Any organization that effectively and deliberately denies individual liberty and opportunity and instead, in a self-serving arrogant fashion, attempts to impose a Soviet style top-down control of an industry and market is a problem according to my principles.

Gee, what an apt description of the AFM administration......

802, ok I'll explain the reference. "An act of desperation" was Tina's excuse for RMA demonstrating union "disunity." Had you read her contribution you would have probably recognized my sarcasm. Further, the absence of a demonstration of "love" or "warm and fuzzy" hardly in and of itself constitutes hate -- obviously.

But I don't apologize for strong antipathy toward the RMA. Any organization that effectively and deliberately denies individual liberty and opportunity and instead, in a self-serving arrogant fashion, attempts to impose a Soviet style top-down control of an industry and market is a problem according to my principles.

From R. Blanc:

802, who's taking cheap shots now? And you use the word "hate."

Since in your own words, it's an act of desperation not to support a local containing an RMA chapter (including leaving) it certainly isn't love. Further, your wanting "to be instrumental in ensuring future [RMA] defeats as necessary" isn't too warmly collegial either. Gee, have I somehow mischaracterized you? Cheap shots, or paraphrasing your own words?

802, who's taking cheap shots now? And you use the word "hate." There's plenty of that coming my direction. But that's ok because I'm the bad guy right? Now that the RMA has suffered one defeat I want to be instrumental in ensuring future defeats as necessary. And I suppose fighting a mob is good debating practice anyhow.

From R. Blanc:

I think it is important to represent another set of priorities....

Let's see, in no particular order - Hate the RMA, leave the AFM and take erudite? potshots from the outside. Quite a set of priorities.

well brucy I guess the simple answer is you have your opinions and I have mine. I think it is important to represent another set of priorities so that not everyone becomes an arrogant drone like you. As to your other questions I pass. I'm sorry you don't like my opinions but that's just too bad.

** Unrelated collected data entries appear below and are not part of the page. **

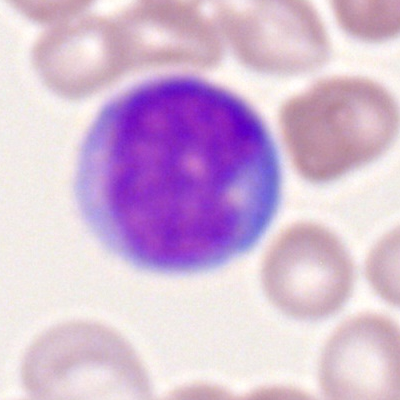 This is a myeloid blast.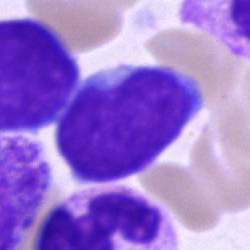Q: What cell is this?
A: A blast cell.
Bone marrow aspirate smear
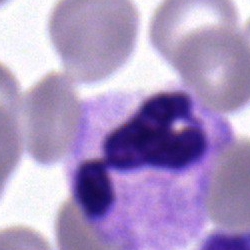

The cell shown is a segmented neutrophil.
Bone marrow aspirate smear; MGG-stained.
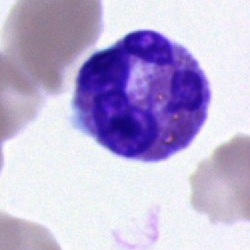
This is an eosinophilic granulocyte.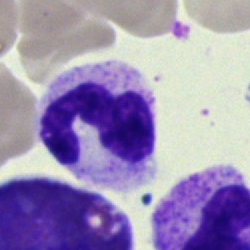

This is a neutrophil (segmented).
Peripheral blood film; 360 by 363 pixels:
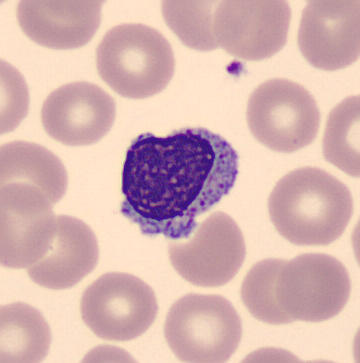The cell type is typical lymphocyte.
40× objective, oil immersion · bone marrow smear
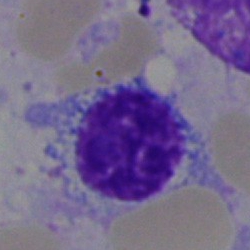

Single cell identified as a lymphocyte.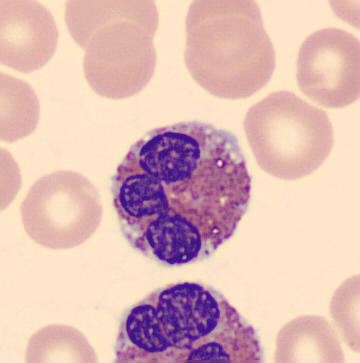 Single cell identified as an eosinophilic granulocyte.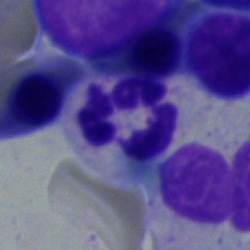
A segmented neutrophil on a bone marrow smear.

"The RMA is a corrupt organization, something its cheerleaders and sycophants fail to grasp."

Now ricky, that's insulting. What do you know? How many RMA members do you know personally. It's easy for you to hang out in the anonymity of your computer room and spout off your diatribe, but Tina is right. You are not an AFM member , you quit , but the RMA members stayed in.
As you said....
I'm not currently a member. Call it an act of "desperation." That's what happens to me when I'm in a local controlled by RMA; I have an irresistible urge to not support the local.
Are you now talking about Nashville ? RMA controlled????? Pomeroy won by a landslide. He has accomplished more in sixth months than the previous administration did in as many years. He reached out to you , inviting you to gigs and meetings and you never had the courtesy to show up.
You Mr. Blanc are an angry and bitter man. You do nothing but insult people that don't agree with you.
You are not an AFM member. You are not part of the solution. why are you still here?

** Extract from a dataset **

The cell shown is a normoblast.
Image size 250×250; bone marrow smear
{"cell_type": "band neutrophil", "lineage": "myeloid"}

Tina, you are right about one thing; I'm not currently a member. Call it an act of "desperation." That's what happens to me when I'm in a local controlled by RMA; I have an irresistible urge to not support the local.

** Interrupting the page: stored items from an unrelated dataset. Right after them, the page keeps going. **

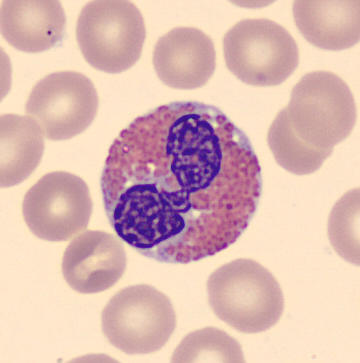

Acquisition: MGG-stained; peripheral blood film. The cell type is eosinophilic granulocyte.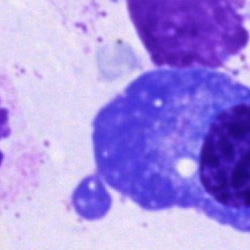

The classification is plasma cell.
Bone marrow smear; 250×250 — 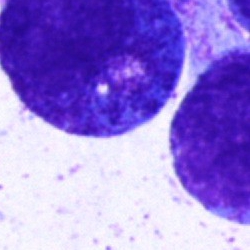 The classification is promyelocyte.
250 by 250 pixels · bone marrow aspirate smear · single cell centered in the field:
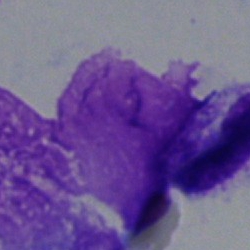 Q: What is shown here?
A: An artifact.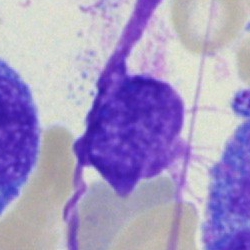
The morphological class is artifact.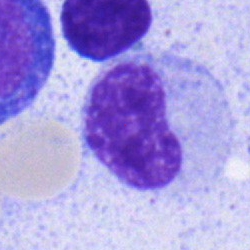
This is a metamyelocyte.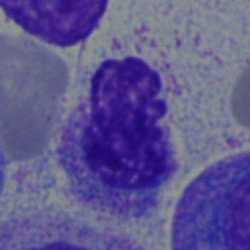
Q: Identify the cell.
A: A polymorphonuclear neutrophil.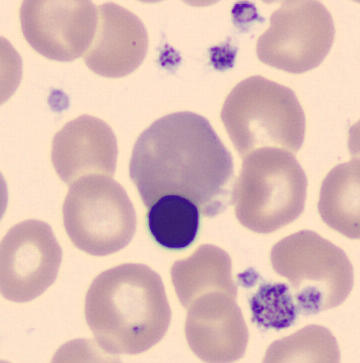Impression — platelet (thrombocyte). CellaVision DM96 digital cell image · peripheral blood smear.

But I've got news for you -- you couldn't be more wrong about my not knowing what is going on with the union. I've been a member most of my life, have an AFM pension and have attended scads of meetings. I have earned the right to participate in any discussion, at least as far as I'm concerned. And I would put my understanding of these labor/political/economy related issues up against yours any day. But I'm not going to argue with you. I will simply repeat what I said earlier: you and I are not going to agree on much but we can agree that preservation of the Musician's union might be a good idea. And that was the point of your original post was it not?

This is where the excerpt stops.